Hasil Utama: Analisis Tiga Pilar Kapasitas Komunitas
1. Aksi Kolektif
Aksi kolektif terbukti sangat berpengaruh di Klaster 1, dengan skor loading tinggi untuk indikator seperti:
- Partisipasi aktif dalam pengambilan keputusan
- Koordinasi antar penyedia layanan
- Jaringan sosial yang saling percaya dan membantu
Klaster 4 menunjukkan tingkat kepercayaan sosial yang rendah, diduga karena banyaknya penduduk baru yang belum membentuk ikatan sosial kuat.
Data Regresi:
- Semua Area: p = 0.000**
- Klaster 1: p = 0.000**
- Klaster 3: p = 0.058
- Klaster 2 dan 4: Tidak signifikan
2. Pemberdayaan Masyarakat
Indikator yang dominan berbeda antar klaster:
- Klaster 1: Kemampuan belajar dari pengalaman banjir masa lalu
- Klaster 2: Efektivitas dalam menyepakati rencana lingkungan
- Klaster 3: Keberhasilan mengatasi masalah kesehatan lingkungan
- Klaster 4: Kemampuan mengenali masalah & kebutuhan masyarakat
Menariknya, Klaster 4 yang sebelumnya kurang memiliki aksi kolektif ternyata menunjukkan pemberdayaan paling signifikan terhadap kapasitas komunitas.
Data Regresi:
- Klaster 4: p = 0.001**
- Klaster lain: Tidak signifikan
3. Visi Bersama
Seluruh klaster menunjukkan pergeseran visi bersama dari ketakutan banjir ke kekhawatiran akan kelangkaan air bersih. Faktor utama meliputi:
- Kekhawatiran terhadap pencemaran air tanah
- Kehilangan spesies ikan dan ekosistem danau
- Kebutuhan akan lingkungan bersih dan ruang terbuka
- Kualitas hidup: layanan kesehatan dan sosial
Data Regresi:
- Semua Area: p = 0.004*
- Klaster 1: p = 0.005**
- Klaster 4: p = 0.001**
Analisis Perbandingan Antar Klaster
Klaster 1:
Didominasi warga asli yang memiliki ikatan sosial kuat. Kombinasi aksi kolektif dan visi bersama menjadi pendorong utama kapasitas komunitas. Pengalaman banjir memunculkan kesadaran kolektif untuk perubahan.
Klaster 2:
Komunitas heterogen dengan keberadaan kelompok petani yang aktif dalam konservasi danau. Meskipun aksi kolektif tak signifikan, peran petani menonjol dalam pemberdayaan lokal.
Klaster 3:
Berada di dataran tinggi dan tidak terdampak banjir, namun tetap menunjukkan keterikatan sosial yang tinggi. Sayangnya, kurangnya waktu sosial akibat jarak kerja menurunkan semangat gotong royong.
Klaster 4:
Area dengan tingkat ekonomi lebih rendah dan banyak penduduk baru, menyebabkan jaringan sosial lemah. Namun, kesadaran akan peran individu terhadap kualitas air mendorong pemberdayaan dan visi bersama sebagai faktor dominan.
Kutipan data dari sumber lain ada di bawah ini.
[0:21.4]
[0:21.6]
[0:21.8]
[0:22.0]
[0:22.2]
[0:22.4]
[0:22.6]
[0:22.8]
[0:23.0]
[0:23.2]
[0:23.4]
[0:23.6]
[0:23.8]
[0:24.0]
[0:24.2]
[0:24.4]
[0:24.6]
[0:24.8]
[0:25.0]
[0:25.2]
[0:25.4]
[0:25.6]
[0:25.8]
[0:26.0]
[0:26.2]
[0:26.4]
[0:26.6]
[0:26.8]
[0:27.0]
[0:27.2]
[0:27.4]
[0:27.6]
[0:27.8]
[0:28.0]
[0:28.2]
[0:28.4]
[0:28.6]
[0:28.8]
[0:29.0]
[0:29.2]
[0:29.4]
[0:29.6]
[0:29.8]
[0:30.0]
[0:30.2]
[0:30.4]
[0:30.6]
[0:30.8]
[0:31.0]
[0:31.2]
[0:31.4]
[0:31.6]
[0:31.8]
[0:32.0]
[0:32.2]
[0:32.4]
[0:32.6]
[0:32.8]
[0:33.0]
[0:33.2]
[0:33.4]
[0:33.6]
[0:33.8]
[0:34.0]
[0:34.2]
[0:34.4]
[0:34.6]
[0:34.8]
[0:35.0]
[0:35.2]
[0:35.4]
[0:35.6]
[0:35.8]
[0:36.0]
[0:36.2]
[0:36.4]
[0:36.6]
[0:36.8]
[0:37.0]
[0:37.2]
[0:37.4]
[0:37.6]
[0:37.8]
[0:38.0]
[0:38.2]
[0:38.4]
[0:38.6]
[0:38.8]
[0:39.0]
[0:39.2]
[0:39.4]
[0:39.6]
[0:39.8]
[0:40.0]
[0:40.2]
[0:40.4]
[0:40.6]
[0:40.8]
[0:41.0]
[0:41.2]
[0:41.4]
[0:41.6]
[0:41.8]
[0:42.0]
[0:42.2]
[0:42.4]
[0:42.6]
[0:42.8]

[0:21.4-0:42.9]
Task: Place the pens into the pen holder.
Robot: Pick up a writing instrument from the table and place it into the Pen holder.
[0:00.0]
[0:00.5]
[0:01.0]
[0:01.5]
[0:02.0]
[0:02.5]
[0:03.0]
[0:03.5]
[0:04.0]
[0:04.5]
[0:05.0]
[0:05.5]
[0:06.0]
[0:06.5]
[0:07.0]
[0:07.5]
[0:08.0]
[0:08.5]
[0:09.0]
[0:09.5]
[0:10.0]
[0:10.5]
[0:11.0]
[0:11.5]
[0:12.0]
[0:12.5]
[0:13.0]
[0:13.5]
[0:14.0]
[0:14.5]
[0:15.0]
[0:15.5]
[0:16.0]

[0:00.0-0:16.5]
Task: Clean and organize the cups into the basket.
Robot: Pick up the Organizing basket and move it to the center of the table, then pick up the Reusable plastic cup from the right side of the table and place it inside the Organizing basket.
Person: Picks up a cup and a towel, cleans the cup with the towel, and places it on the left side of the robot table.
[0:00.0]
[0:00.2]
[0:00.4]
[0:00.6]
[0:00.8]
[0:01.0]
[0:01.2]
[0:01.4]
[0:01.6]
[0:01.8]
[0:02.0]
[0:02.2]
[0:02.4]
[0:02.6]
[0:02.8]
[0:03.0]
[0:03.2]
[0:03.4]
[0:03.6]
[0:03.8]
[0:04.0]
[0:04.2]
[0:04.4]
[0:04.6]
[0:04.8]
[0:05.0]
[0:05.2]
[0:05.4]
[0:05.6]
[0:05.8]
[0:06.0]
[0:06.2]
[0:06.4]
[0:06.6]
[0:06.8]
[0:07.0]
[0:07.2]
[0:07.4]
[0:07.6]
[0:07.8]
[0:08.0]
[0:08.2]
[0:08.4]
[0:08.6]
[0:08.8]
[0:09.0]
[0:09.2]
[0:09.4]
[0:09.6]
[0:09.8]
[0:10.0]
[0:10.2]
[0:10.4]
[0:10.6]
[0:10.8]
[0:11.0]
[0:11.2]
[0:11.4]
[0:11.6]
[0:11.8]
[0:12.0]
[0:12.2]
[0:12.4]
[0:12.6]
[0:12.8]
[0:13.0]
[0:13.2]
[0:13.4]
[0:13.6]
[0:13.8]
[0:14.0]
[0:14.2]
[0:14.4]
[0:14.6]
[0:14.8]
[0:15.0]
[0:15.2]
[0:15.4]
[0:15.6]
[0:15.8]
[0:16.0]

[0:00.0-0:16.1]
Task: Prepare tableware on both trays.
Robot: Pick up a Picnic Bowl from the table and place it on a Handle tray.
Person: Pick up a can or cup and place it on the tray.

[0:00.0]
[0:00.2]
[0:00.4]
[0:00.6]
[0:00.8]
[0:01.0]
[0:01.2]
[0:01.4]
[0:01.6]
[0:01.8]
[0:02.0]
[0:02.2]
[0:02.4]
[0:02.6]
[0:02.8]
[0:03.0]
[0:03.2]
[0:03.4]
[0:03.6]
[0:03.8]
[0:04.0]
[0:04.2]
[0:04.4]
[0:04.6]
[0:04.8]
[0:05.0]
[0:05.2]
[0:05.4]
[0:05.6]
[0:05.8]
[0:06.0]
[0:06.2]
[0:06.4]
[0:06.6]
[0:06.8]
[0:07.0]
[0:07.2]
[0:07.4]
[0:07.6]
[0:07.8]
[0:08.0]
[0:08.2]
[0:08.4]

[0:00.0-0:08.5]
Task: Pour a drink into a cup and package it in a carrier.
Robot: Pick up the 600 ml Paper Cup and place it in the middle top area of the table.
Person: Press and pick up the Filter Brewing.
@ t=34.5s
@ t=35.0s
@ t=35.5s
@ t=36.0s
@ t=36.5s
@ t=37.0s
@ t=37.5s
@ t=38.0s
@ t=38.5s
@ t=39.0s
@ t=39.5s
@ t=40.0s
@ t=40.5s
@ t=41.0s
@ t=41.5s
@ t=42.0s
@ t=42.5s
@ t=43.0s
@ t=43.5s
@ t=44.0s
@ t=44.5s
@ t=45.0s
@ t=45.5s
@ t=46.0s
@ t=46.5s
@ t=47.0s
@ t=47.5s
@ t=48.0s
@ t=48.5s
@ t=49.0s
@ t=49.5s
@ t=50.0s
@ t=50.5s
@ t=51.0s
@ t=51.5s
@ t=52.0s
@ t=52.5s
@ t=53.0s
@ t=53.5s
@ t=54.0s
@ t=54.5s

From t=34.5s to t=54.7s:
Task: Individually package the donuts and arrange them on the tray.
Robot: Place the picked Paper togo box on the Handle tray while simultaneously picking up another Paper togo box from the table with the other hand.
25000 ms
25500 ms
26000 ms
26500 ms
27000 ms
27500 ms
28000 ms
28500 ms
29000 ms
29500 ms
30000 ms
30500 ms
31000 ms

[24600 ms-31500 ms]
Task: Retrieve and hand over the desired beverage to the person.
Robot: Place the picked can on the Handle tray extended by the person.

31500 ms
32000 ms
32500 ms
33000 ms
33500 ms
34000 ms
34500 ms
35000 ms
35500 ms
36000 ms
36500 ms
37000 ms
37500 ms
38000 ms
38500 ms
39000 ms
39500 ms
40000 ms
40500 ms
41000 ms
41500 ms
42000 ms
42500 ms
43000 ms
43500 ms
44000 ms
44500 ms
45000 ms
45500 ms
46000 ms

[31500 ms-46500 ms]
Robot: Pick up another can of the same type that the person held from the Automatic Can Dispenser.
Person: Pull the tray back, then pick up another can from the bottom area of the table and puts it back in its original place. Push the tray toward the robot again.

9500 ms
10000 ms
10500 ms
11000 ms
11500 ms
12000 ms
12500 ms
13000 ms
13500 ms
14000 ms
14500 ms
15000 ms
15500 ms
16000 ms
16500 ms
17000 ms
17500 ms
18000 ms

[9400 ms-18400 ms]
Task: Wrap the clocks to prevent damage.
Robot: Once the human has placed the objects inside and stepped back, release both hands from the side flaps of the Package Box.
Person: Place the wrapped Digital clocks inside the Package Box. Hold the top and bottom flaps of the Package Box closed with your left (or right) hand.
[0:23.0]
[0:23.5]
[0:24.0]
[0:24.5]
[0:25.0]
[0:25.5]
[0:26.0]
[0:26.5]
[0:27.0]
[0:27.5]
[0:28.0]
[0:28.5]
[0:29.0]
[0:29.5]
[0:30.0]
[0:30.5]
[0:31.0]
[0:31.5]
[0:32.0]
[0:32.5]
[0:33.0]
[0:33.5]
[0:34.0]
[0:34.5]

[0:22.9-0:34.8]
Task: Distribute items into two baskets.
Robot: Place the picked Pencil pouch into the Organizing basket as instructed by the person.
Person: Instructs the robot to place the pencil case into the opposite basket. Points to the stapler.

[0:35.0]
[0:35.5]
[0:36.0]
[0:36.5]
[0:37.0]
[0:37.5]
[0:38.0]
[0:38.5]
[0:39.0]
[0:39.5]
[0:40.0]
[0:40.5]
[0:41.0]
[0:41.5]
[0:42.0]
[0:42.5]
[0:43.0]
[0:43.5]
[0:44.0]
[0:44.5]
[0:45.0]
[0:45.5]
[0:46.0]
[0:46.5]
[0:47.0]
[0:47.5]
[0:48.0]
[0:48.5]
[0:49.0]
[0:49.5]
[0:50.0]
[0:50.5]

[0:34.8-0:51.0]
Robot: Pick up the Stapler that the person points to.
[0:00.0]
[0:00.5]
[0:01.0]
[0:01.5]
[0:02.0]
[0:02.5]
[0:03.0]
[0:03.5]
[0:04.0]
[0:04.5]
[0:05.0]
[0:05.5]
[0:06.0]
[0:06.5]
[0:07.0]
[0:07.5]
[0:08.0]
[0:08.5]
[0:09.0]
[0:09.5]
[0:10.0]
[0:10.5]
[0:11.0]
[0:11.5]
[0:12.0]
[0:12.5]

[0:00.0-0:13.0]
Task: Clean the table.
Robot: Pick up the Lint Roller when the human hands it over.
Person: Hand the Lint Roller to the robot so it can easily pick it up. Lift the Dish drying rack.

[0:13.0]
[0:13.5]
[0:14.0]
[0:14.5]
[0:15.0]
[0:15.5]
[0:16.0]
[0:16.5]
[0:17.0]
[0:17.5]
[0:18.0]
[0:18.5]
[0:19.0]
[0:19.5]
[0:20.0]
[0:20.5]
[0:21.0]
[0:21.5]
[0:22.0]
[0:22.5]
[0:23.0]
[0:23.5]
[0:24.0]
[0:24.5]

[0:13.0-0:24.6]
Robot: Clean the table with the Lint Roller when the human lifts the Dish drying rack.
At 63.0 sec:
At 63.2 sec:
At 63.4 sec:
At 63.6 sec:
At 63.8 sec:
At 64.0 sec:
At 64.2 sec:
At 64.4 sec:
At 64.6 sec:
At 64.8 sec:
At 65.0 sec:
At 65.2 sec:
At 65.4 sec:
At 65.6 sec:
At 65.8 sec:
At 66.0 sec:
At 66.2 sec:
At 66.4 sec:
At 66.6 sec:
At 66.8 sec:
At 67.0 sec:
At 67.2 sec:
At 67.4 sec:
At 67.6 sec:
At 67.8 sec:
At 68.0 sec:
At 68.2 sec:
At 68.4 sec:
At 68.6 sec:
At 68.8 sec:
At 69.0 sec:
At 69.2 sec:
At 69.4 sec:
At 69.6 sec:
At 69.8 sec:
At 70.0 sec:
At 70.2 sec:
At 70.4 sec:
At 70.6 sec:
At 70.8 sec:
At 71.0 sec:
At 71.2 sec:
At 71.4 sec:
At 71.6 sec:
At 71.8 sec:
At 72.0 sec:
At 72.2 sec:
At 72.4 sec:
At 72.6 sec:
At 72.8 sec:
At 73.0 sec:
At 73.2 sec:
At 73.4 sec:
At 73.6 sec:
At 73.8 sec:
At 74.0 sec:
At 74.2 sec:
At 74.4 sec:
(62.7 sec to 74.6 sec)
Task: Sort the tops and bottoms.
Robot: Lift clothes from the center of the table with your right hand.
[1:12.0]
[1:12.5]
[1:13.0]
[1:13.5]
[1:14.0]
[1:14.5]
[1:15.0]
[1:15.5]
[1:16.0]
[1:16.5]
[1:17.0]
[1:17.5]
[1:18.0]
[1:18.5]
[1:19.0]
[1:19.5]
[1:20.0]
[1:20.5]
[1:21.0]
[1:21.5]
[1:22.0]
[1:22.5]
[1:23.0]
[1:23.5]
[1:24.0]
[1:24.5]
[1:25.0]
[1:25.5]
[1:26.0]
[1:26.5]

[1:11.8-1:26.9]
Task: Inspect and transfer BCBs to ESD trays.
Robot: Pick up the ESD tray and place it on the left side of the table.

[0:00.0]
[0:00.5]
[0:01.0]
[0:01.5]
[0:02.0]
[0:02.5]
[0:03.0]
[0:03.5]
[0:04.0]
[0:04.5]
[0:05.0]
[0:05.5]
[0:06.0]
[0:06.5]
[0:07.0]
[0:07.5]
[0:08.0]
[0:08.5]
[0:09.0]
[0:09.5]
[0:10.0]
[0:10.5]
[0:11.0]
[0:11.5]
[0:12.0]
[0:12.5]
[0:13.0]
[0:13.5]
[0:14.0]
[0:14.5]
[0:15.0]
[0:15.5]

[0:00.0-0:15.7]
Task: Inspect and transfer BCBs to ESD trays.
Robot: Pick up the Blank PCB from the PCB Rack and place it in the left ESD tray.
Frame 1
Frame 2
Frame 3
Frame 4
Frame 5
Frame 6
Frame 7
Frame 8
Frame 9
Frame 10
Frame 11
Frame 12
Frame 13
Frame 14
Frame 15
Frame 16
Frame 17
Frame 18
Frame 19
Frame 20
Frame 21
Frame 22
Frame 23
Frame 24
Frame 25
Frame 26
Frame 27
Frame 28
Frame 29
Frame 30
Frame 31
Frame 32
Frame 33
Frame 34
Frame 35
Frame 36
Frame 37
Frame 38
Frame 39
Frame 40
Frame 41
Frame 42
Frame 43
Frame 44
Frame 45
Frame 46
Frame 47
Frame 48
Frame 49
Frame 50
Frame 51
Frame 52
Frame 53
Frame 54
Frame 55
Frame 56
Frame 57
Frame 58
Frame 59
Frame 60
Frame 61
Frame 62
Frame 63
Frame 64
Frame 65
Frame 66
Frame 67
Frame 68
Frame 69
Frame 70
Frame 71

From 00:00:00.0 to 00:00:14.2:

Diskusi: Perbandingan dengan Penelitian Sebelumnya
Berbeda dari studi Brinkman (2012) di DAS Kaskaskia, AS, yang menunjukkan pemberdayaan sebagai faktor paling signifikan, penelitian ini menemukan variasi antar lokasi. Tidak ada satu pendekatan tunggal yang berlaku universal.
Penelitian ini juga menegaskan teori Mishra et al. (2010), bahwa ikatan emosional dengan tempat tinggal meningkatkan kesiapan komunitas dalam menghadapi bencana dan perubahan lingkungan.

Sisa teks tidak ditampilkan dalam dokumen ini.